REQUIRED ACTION
Lines before the one containing "center · 1134px, 978px" are to be skipped; reproduce that line and the rest of the records below exactly.

Source records:
##########

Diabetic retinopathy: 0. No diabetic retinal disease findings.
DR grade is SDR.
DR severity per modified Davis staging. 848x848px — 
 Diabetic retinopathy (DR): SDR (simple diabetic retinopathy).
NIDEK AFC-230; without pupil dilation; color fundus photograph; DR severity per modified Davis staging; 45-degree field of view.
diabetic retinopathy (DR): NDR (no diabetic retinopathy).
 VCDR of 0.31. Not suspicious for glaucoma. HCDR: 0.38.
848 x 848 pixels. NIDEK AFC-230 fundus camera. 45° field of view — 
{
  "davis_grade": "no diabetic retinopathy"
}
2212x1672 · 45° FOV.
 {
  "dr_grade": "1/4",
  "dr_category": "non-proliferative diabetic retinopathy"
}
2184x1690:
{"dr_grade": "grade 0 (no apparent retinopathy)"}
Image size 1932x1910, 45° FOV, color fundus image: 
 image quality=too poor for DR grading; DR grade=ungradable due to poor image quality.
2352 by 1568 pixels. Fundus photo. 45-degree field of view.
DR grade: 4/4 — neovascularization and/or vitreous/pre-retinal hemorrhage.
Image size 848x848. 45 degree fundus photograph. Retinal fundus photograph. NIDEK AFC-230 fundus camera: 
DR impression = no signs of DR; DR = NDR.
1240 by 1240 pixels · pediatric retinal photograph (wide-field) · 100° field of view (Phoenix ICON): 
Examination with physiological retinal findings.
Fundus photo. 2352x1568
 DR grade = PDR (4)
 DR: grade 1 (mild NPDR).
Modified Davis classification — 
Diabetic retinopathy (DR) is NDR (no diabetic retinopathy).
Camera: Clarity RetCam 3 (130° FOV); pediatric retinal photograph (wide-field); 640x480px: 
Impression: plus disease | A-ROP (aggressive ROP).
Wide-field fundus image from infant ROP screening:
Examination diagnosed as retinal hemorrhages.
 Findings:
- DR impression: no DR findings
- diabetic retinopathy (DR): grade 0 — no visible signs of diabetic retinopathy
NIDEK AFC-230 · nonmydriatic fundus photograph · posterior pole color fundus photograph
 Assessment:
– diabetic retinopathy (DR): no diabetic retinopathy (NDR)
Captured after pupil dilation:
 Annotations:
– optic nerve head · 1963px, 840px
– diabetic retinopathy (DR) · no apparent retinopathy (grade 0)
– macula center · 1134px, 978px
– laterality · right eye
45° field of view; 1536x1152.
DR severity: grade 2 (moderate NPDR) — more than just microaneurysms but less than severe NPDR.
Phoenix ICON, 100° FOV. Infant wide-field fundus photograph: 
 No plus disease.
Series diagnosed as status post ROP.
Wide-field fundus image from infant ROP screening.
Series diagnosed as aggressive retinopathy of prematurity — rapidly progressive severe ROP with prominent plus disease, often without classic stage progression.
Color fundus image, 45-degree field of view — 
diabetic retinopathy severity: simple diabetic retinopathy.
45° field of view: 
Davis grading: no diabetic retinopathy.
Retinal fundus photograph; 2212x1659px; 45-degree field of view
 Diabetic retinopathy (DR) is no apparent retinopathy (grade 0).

##########

EXERCISE RESULT
– macula center · 1134px, 978px
– laterality · right eye
45° field of view; 1536x1152.
DR severity: grade 2 (moderate NPDR) — more than just microaneurysms but less than severe NPDR.
Phoenix ICON, 100° FOV. Infant wide-field fundus photograph: 
 No plus disease.
Series diagnosed as status post ROP.
Wide-field fundus image from infant ROP screening.
Series diagnosed as aggressive retinopathy of prematurity — rapidly progressive severe ROP with prominent plus disease, often without classic stage progression.
Color fundus image, 45-degree field of view — 
diabetic retinopathy severity: simple diabetic retinopathy.
45° field of view: 
Davis grading: no diabetic retinopathy.
Retinal fundus photograph; 2212x1659px; 45-degree field of view
 Diabetic retinopathy (DR) is no apparent retinopathy (grade 0).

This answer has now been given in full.